▶ [Prompt] One line at a time, check the entries below for the word "circle", and copy each line that has it.

Stored data entries
--- START ---

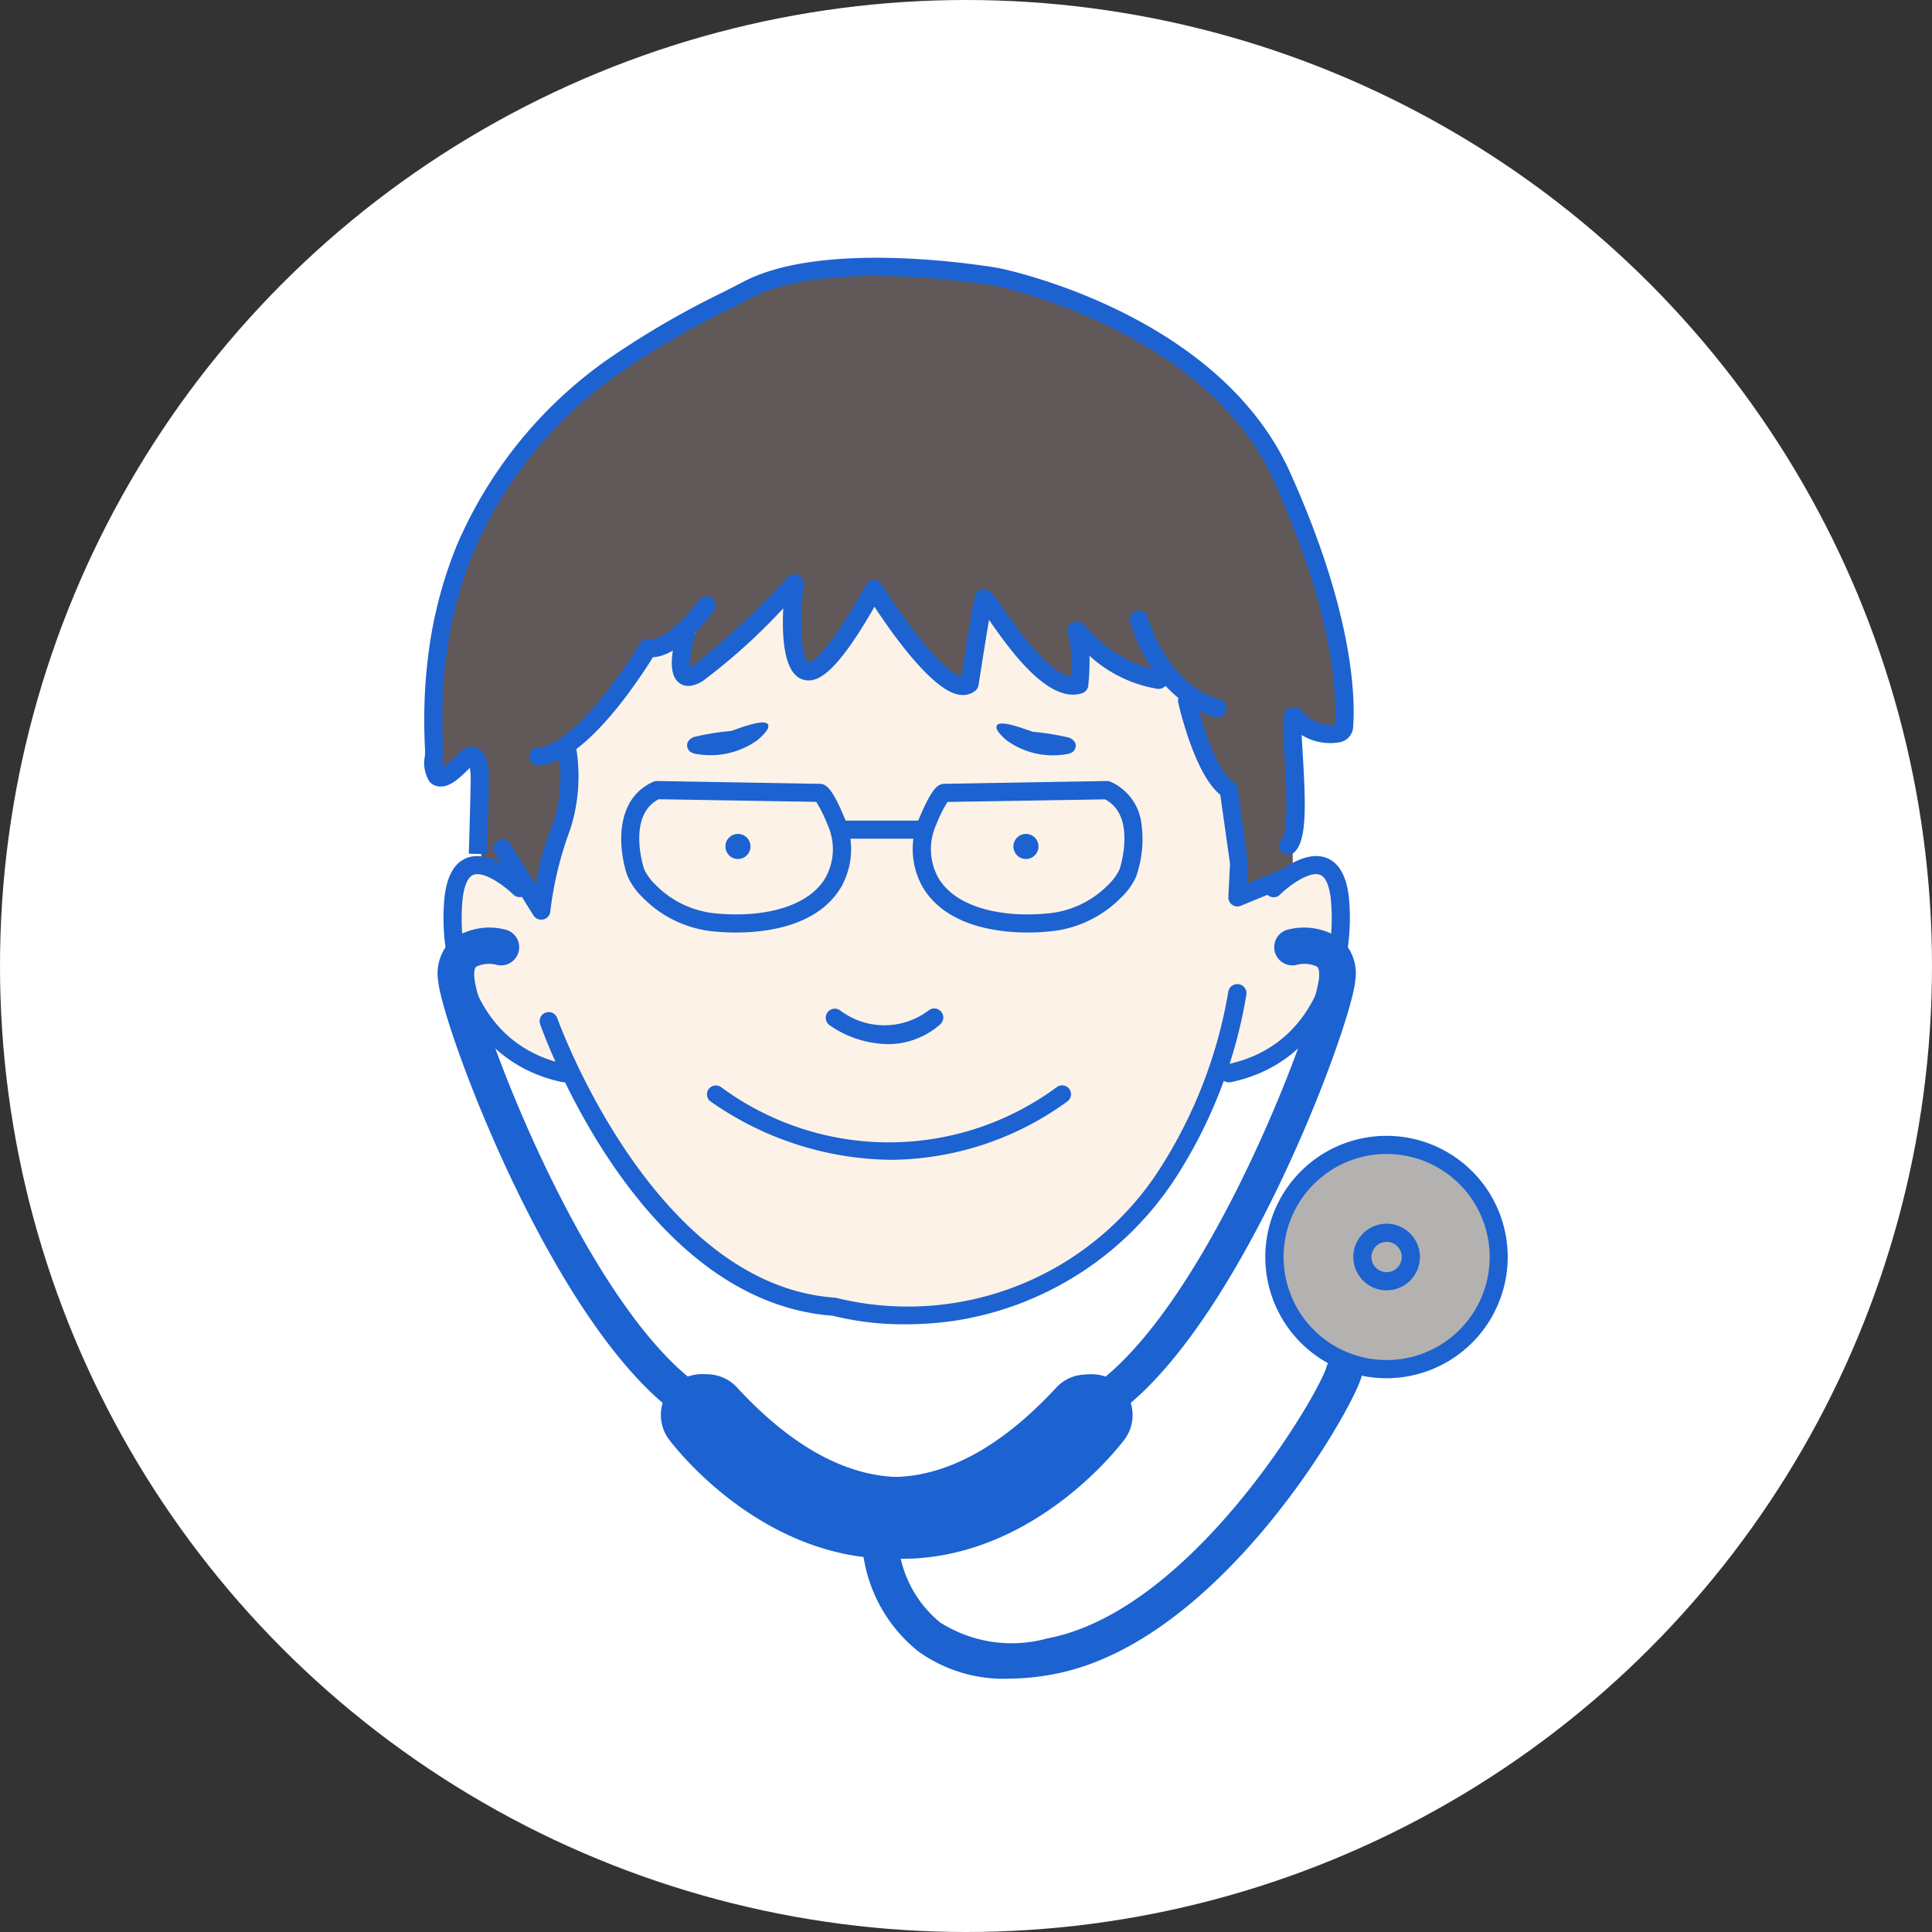 <svg xmlns="http://www.w3.org/2000/svg" width="75" height="75" viewBox="0 0 75 75">
  <rect x="0" y="0" width="75" height="75" fill="#333333" stroke="none"/>
  <g id="グループ_2476" data-name="グループ 2476" transform="translate(-512 -968)">
    <g id="グループ_2477" data-name="グループ 2477">
      <circle id="楕円形_492" data-name="楕円形 492" cx="37.5" cy="37.5" r="37.5" transform="translate(512 968)" fill="#fff"/>
      <g id="グループ_2475" data-name="グループ 2475" transform="translate(13.866 -1278.052)">
        <path id="パス_719" data-name="パス 719" d="M1744.669,2257.513l-4.768,2.651-3.114,2.687-1.723,2.076-1.145,2.136-.922,2.194-.449,1.833v5.186l1.371-.686.355.686v3.386l1.66.639.493,1.178.928-3.072.416-1.332v-1.737l1.046-1.319,1.085-1.03.493-1.118.658-.479,1.076-.3v1.26h.765l1.28-1.26,2.079-1.833v1.833l.427,1.26h.76l1.679-2.59.482-.5,2.266,2.615,1.038,1.118.418-1.118.493-2.112,1.563,2.112,1.633,1.118h.457v-1.9l1.718,1.26,1.844.385.774,1.283,1.528,2.764.311,4.041,2.131-.906v-5.654l1.561.545.452-.545-.452-2.392-.33-2.615-.691-2.194-.539-1.712-1.712-2.745-1.767-1.963-2.351-1.456-2.475-1.363-3.232-1.027h-2.37l-2.266-.275-1.828.275-1.52.253Z" transform="translate(-1217.458 -0.227)" fill="#615959"/>
        <path id="パス_720" data-name="パス 720" d="M1743.466,2282.121l-1.492,1.359-.686.368-1.733,2.185-1.291,1.148v1.64l-.531,2.259-.564,2.214-.736-.46-.712-.421-.777-.424h-.69l-.277.424-.219,1.062v2.112l.731,1.936,1.679,1.723,2.1.707.5.972,1.928,2.918,2.241,2.679,2.54,1.791,3.233.824,3.4.3,2.24-.3,3.114-1.338,2.278-1.628,2.685-3.659.7-2.24,1.195-.32,1.4-.707,1.161-.989.845-1.374.59-2.707-.285-1.763-.6-.424-.986.244-2.126.888-.182-3.428-.674-1.319-1.035-2.667-.794-.9-1.421-.407-2.005-.918-.324,1.52-1.331-.845-1.155-1.555-1.064-.666-.617,3.066-1.335-.845-1.367-1.555-.892-1.059-.588.823-1.129,1.484-.759.55-.507-.55V2282.6l-.291-1.059-.74.393-.848.924-.835.622-.951.675-.663.243v-.55Z" transform="translate(-1218.041 -12.309)" fill="#fcf2e7"/>
        <circle id="楕円形_436" data-name="楕円形 436" cx="4.137" cy="4.137" r="4.137" transform="translate(547.9 2290.669)" fill="#b4b2b0"/>
        <g id="グループ_505" data-name="グループ 505" transform="translate(514.601 2256.052)">
          <path id="パス_696" data-name="パス 696" d="M295.627,750.464a.352.352,0,0,1-.235-.615c.272-.288.147-2.345.094-3.222-.087-1.444-.106-1.746.247-1.864a.409.409,0,0,1,.481.2,1.454,1.454,0,0,0,1.232.464c.078-1.161-.031-4.277-2.4-9.52-2.608-5.782-10.7-7.5-10.783-7.514-.055-.01-6.44-1.108-9.44.45l-.754.389a32.784,32.784,0,0,0-4.54,2.648,16.31,16.31,0,0,0-5.517,6.832,16.07,16.07,0,0,0-1.063,4.055,19.107,19.107,0,0,0-.155,2.356c0,.424.008.849.03,1.273a2.892,2.892,0,0,1-.008.3,3.39,3.39,0,0,0-.008.385,3.727,3.727,0,0,0,.518-.443l.127-.122a.622.622,0,0,1,.7-.178c.3.131.446.515.446,1.172,0,.516-.073,2.947-.073,2.947l-.705-.021s.073-2.414.073-2.926a2.263,2.263,0,0,0-.032-.405l-.039.037c-.374.367-.716.7-1.116.686a.56.56,0,0,1-.408-.183,1.346,1.346,0,0,1-.184-.99,2.1,2.1,0,0,0,.008-.218c-.023-.437-.034-.876-.031-1.313a19.969,19.969,0,0,1,.161-2.443,16.781,16.781,0,0,1,1.11-4.233,17.02,17.02,0,0,1,5.752-7.132,33.921,33.921,0,0,1,4.635-2.706l.751-.387c3.213-1.67,9.626-.567,9.9-.519.356.073,8.536,1.8,11.294,7.916,2.483,5.5,2.542,8.782,2.453,9.935a.633.633,0,0,1-.517.554,2.107,2.107,0,0,1-1.478-.279c.011.238.027.513.042.759.118,1.942.163,3.351-.327,3.79A.351.351,0,0,1,295.627,750.464Z" transform="translate(-262.089 -727.296)" fill="#1c62d1"/>
          <path id="パス_697" data-name="パス 697" d="M268.172,752.512a.353.353,0,0,1-.007-.7c1.314-.027,3.332-2.933,4-4.049a.353.353,0,0,1,.369-.166c.5.1,1.428-.826,1.923-1.511a.352.352,0,1,1,.572.412c-.223.311-1.323,1.76-2.37,1.81-.556.9-2.7,4.174-4.479,4.21Z" transform="translate(-263.78 -732.795)" fill="#1c62d1"/>
          <path id="パス_698" data-name="パス 698" d="M267.752,760.8a.353.353,0,0,1-.3-.166l-1.505-2.423a.353.353,0,0,1,.6-.371l1,1.616a10.094,10.094,0,0,1,.7-2.474,5.956,5.956,0,0,0,.149-2.828.352.352,0,1,1,.7-.111,6.746,6.746,0,0,1-.219,3.265,13.6,13.6,0,0,0-.771,3.186.352.352,0,0,1-.275.3A.332.332,0,0,1,267.752,760.8Z" transform="translate(-263.212 -735.099)" fill="#1c62d1"/>
          <path id="パス_699" data-name="パス 699" d="M287.019,749.422a.883.883,0,0,1-.154-.013c-1.031-.175-2.564-2.333-3.273-3.413-1.574,2.756-2.293,2.981-2.789,2.823-.726-.233-.809-1.635-.752-2.762a23.354,23.354,0,0,1-3.122,2.821c-.467.287-.762.2-.926.068-.467-.362-.245-1.37-.072-1.939a.353.353,0,0,1,.675.205,3.289,3.289,0,0,0-.17,1.131.948.948,0,0,0,.125-.066,31.793,31.793,0,0,0,3.671-3.427.352.352,0,0,1,.607.283c-.191,1.569-.059,2.909.181,3.015,0-.006.551.08,2.243-3.007a.351.351,0,0,1,.3-.183.356.356,0,0,1,.309.166c.873,1.408,2.4,3.437,3.093,3.587.159-1.021.462-2.937.531-3.146a.373.373,0,0,1,.293-.245c.26-.038.345.09.77.7.51.736,1.8,2.59,2.652,2.68a4.877,4.877,0,0,0-.076-1.543c-.114-.3,0-.454.12-.527.258-.163.449.039.618.216a4.944,4.944,0,0,0,2.8,1.636.353.353,0,0,1-.1.7,5.155,5.155,0,0,1-2.635-1.285,9.416,9.416,0,0,1-.046,1.157.352.352,0,0,1-.242.3c-1.3.418-2.785-1.659-3.612-2.85-.119.706-.289,1.779-.406,2.532a.354.354,0,0,1-.127.221A.75.75,0,0,1,287.019,749.422Zm-10.563-1.011h0Z" transform="translate(-266.112 -732.442)" fill="#1c62d1"/>
          <path id="パス_700" data-name="パス 700" d="M304.337,750.874a.339.339,0,0,1-.094-.013c-2.181-.608-3.065-2.959-3.282-3.667a.361.361,0,0,1,.226-.45.347.347,0,0,1,.439.216l.008.026c.136.441.914,2.67,2.8,3.2a.352.352,0,0,1-.094.692Z" transform="translate(-273.553 -733.029)" fill="#1c62d1"/>
          <path id="パス_701" data-name="パス 701" d="M305.9,759.534a.358.358,0,0,1-.2-.064.354.354,0,0,1-.148-.306l.065-1.287-.379-2.68c-.969-.768-1.564-3.277-1.631-3.573a.352.352,0,0,1,.264-.422.348.348,0,0,1,.422.265c.243,1.064.85,2.879,1.448,3.223a.354.354,0,0,1,.173.257l.4,2.9-.037.8,1.176-.484a.352.352,0,1,1,.269.651l-1.687.694A.345.345,0,0,1,305.9,759.534Z" transform="translate(-274.334 -734.346)" fill="#1c62d1"/>
          <path id="パス_702" data-name="パス 702" d="M267.824,769.032a.377.377,0,0,1-.074-.008c-3.474-.742-4.8-4.059-4.572-7.015.071-.926.371-1.494.891-1.689.949-.355,2.144.782,2.277.914a.352.352,0,1,1-.495.5c-.321-.314-1.118-.909-1.535-.756-.233.088-.388.472-.435,1.083-.189,2.458.749,5.575,4.017,6.272a.353.353,0,0,1-.073.7Z" transform="translate(-262.403 -737.019)" fill="#1c62d1"/>
          <path id="パス_703" data-name="パス 703" d="M282.664,780.508a11.357,11.357,0,0,1-2.842-.332c-7.5-.555-11.2-10.878-11.356-11.318a.352.352,0,0,1,.665-.233c.037.1,3.718,10.358,10.777,10.85a.335.335,0,0,1,.075.014,11.62,11.62,0,0,0,12.673-5.23,18.377,18.377,0,0,0,2.525-6.661.353.353,0,0,1,.7.118,18.7,18.7,0,0,1-2.638,6.939,12.484,12.484,0,0,1-8.706,5.719A13.033,13.033,0,0,1,282.664,780.508Z" transform="translate(-263.965 -739.1)" fill="#1c62d1"/>
          <path id="パス_704" data-name="パス 704" d="M272.29,783.026a.7.7,0,0,1-.436-.151c-4.743-3.724-8.85-14.914-9-16.62a1.8,1.8,0,0,1,.56-1.615,2.489,2.489,0,0,1,2.042-.373.7.7,0,0,1-.321,1.372,1.176,1.176,0,0,0-.8.068c-.1.083-.085.324-.076.424.136,1.552,4.1,12.207,8.467,15.636a.7.7,0,0,1-.436,1.259Z" transform="translate(-262.312 -738.182)" fill="#1c62d1"/>
          <path id="パス_705" data-name="パス 705" d="M284.1,795.948c-.164,0-.327,0-.492-.013-4.893-.264-8.041-4.444-8.173-4.622a1.586,1.586,0,0,1,2.546-1.892c.036.047,2.434,3.176,5.819,3.347,2.192.109,4.451-1.058,6.68-3.474a1.586,1.586,0,0,1,2.331,2.151C290.049,794.435,287.12,795.948,284.1,795.948Z" transform="translate(-265.934 -745.437)" fill="#1c62d1"/>
          <path id="パス_706" data-name="パス 706" d="M306.29,769.033a.352.352,0,0,1-.073-.7c3.268-.7,4.206-3.814,4.017-6.272-.047-.611-.2-1-.436-1.083-.421-.154-1.215.441-1.535.756a.352.352,0,1,1-.494-.5c.133-.132,1.326-1.268,2.277-.914.52.195.82.764.89,1.689.228,2.957-1.1,6.274-4.572,7.015A.382.382,0,0,1,306.29,769.033Z" transform="translate(-275.026 -737.019)" fill="#1c62d1"/>
          <path id="パス_707" data-name="パス 707" d="M299.679,783.026a.705.705,0,0,1-.436-1.259c4.367-3.428,8.33-14.084,8.467-15.636.009-.1.019-.341-.076-.424a1.176,1.176,0,0,0-.8-.068.7.7,0,0,1-.321-1.373,2.5,2.5,0,0,1,2.042.373,1.8,1.8,0,0,1,.56,1.615c-.15,1.706-4.257,12.9-9,16.62A.7.7,0,0,1,299.679,783.026Z" transform="translate(-272.971 -738.182)" fill="#1c62d1"/>
          <path id="パス_708" data-name="パス 708" d="M284.542,795.948c-3.025,0-5.953-1.512-8.713-4.5a1.586,1.586,0,0,1,2.332-2.151c2.23,2.416,4.474,3.582,6.681,3.474,3.394-.171,5.794-3.315,5.818-3.347a1.586,1.586,0,0,1,2.546,1.892c-.131.178-3.28,4.357-8.173,4.622Q284.788,795.948,284.542,795.948Z" transform="translate(-266.019 -745.437)" fill="#1c62d1"/>
          <path id="パス_709" data-name="パス 709" d="M286.6,770.027a4.035,4.035,0,0,1-2.271-.748.353.353,0,0,1,.418-.568,2.842,2.842,0,0,0,3.432.018.352.352,0,1,1,.46.534A3.051,3.051,0,0,1,286.6,770.027Z" transform="translate(-268.61 -739.495)" fill="#1c62d1"/>
          <path id="パス_710" data-name="パス 710" d="M284.812,775.768a12.41,12.41,0,0,1-7.027-2.276.345.345,0,0,1,.428-.541,10.975,10.975,0,0,0,13.036-.012.345.345,0,1,1,.395.566A11.764,11.764,0,0,1,284.812,775.768Z" transform="translate(-266.682 -740.744)" fill="#1c62d1"/>
          <path id="パス_711" data-name="パス 711" d="M277.395,762c-.314,0-.574-.016-.749-.032a4.453,4.453,0,0,1-2.889-1.343,2.552,2.552,0,0,1-.591-.859c-.337-1.024-.5-2.935,1.012-3.616a.522.522,0,0,1,.151-.031l6.309.109c.274,0,.5.207.959,1.3a3,3,0,0,1-.116,2.7C280.583,761.75,278.6,762,277.395,762Zm-3-5.174c-1.233.635-.594,2.632-.566,2.718a2.064,2.064,0,0,0,.439.6,3.753,3.753,0,0,0,2.436,1.122c1.533.138,3.434-.154,4.164-1.392a2.278,2.278,0,0,0,.085-2.046,5.155,5.155,0,0,0-.445-.9Z" transform="translate(-265.29 -735.8)" fill="#1c62d1"/>
          <circle id="楕円形_434" data-name="楕円形 434" cx="0.487" cy="0.487" r="0.487" transform="translate(11.693 22.372)" fill="#1c62d1"/>
          <path id="パス_712" data-name="パス 712" d="M287.793,759h-2.921a.354.354,0,1,1,0-.7h2.921a.354.354,0,1,1,0,.7Z" transform="translate(-268.646 -736.443)" fill="#1c62d1"/>
          <path id="パス_713" data-name="パス 713" d="M276.846,753.455a.438.438,0,0,0-.259.212.318.318,0,0,0,.143.389.675.675,0,0,0,.247.068,3.11,3.11,0,0,0,2.326-.55c.122-.1.38-.341.412-.486.108-.485-1.251.086-1.447.137A9.882,9.882,0,0,0,276.846,753.455Z" transform="translate(-266.36 -734.848)" fill="#1c62d1"/>
          <path id="パス_714" data-name="パス 714" d="M293.461,762c-1.2,0-3.189-.25-4.086-1.768a2.983,2.983,0,0,1-.126-2.682c.472-1.115.7-1.317.969-1.322l6.31-.109a.406.406,0,0,1,.151.031,2.047,2.047,0,0,1,1.184,1.58,4.368,4.368,0,0,1-.179,2.034l.007,0a2.544,2.544,0,0,1-.591.859,4.455,4.455,0,0,1-2.889,1.342C294.035,761.984,293.774,762,293.461,762Zm-3.119-5.069a4.927,4.927,0,0,0-.434.871,2.3,2.3,0,0,0,.074,2.072c.731,1.238,2.632,1.531,4.165,1.392a3.753,3.753,0,0,0,2.436-1.122,2.075,2.075,0,0,0,.439-.6v0c.018-.054.67-2.077-.567-2.713Z" transform="translate(-270.026 -735.8)" fill="#1c62d1"/>
          <circle id="楕円形_435" data-name="楕円形 435" cx="0.487" cy="0.487" r="0.487" transform="translate(22.873 22.372)" fill="#1c62d1"/>
          <path id="パス_715" data-name="パス 715" d="M296.406,753.5a.43.43,0,0,1,.253.206.309.309,0,0,1-.14.378.661.661,0,0,1-.241.065,3.051,3.051,0,0,1-2.272-.534c-.119-.1-.372-.331-.4-.472-.106-.47,1.222.083,1.413.133A9.624,9.624,0,0,1,296.406,753.5Z" transform="translate(-271.385 -734.867)" fill="#1c62d1"/>
          <path id="パス_716" data-name="パス 716" d="M313.118,785.067a4.705,4.705,0,1,1,4.7-4.706A4.711,4.711,0,0,1,313.118,785.067Zm0-8.706a4,4,0,1,0,4,4A4,4,0,0,0,313.118,776.361Z" transform="translate(-275.756 -741.564)" fill="#1c62d1"/>
          <path id="パス_717" data-name="パス 717" d="M314.546,783.082a1.293,1.293,0,1,1,1.292-1.293A1.294,1.294,0,0,1,314.546,783.082Zm0-1.88a.588.588,0,1,0,.587.587A.588.588,0,0,0,314.546,781.2Z" transform="translate(-277.184 -742.992)" fill="#1c62d1"/>
          <path id="パス_718" data-name="パス 718" d="M291.881,800.272a5.664,5.664,0,0,1-3.5-1.073,5.84,5.84,0,0,1-2.132-3.818.705.705,0,0,1,1.4-.134,4.469,4.469,0,0,0,1.588,2.835,5.17,5.17,0,0,0,4.16.628c5.653-1.063,10.553-9.5,10.846-10.537a.7.7,0,0,1,1.358.38c-.376,1.344-5.511,10.333-11.944,11.542A9.646,9.646,0,0,1,291.881,800.272Z" transform="translate(-269.216 -745.105)" fill="#1c62d1"/>
        </g>
      </g>
    </g>
  </g>
</svg>

--- END ---

▶ [Output for this exercise]
      <circle id="楕円形_492" data-name="楕円形 492" cx="37.5" cy="37.5" r="37.5" transform="translate(512 968)" fill="#fff"/>
        <circle id="楕円形_436" data-name="楕円形 436" cx="4.137" cy="4.137" r="4.137" transform="translate(547.9 2290.669)" fill="#b4b2b0"/>
          <circle id="楕円形_434" data-name="楕円形 434" cx="0.487" cy="0.487" r="0.487" transform="translate(11.693 22.372)" fill="#1c62d1"/>
          <circle id="楕円形_435" data-name="楕円形 435" cx="0.487" cy="0.487" r="0.487" transform="translate(22.873 22.372)" fill="#1c62d1"/>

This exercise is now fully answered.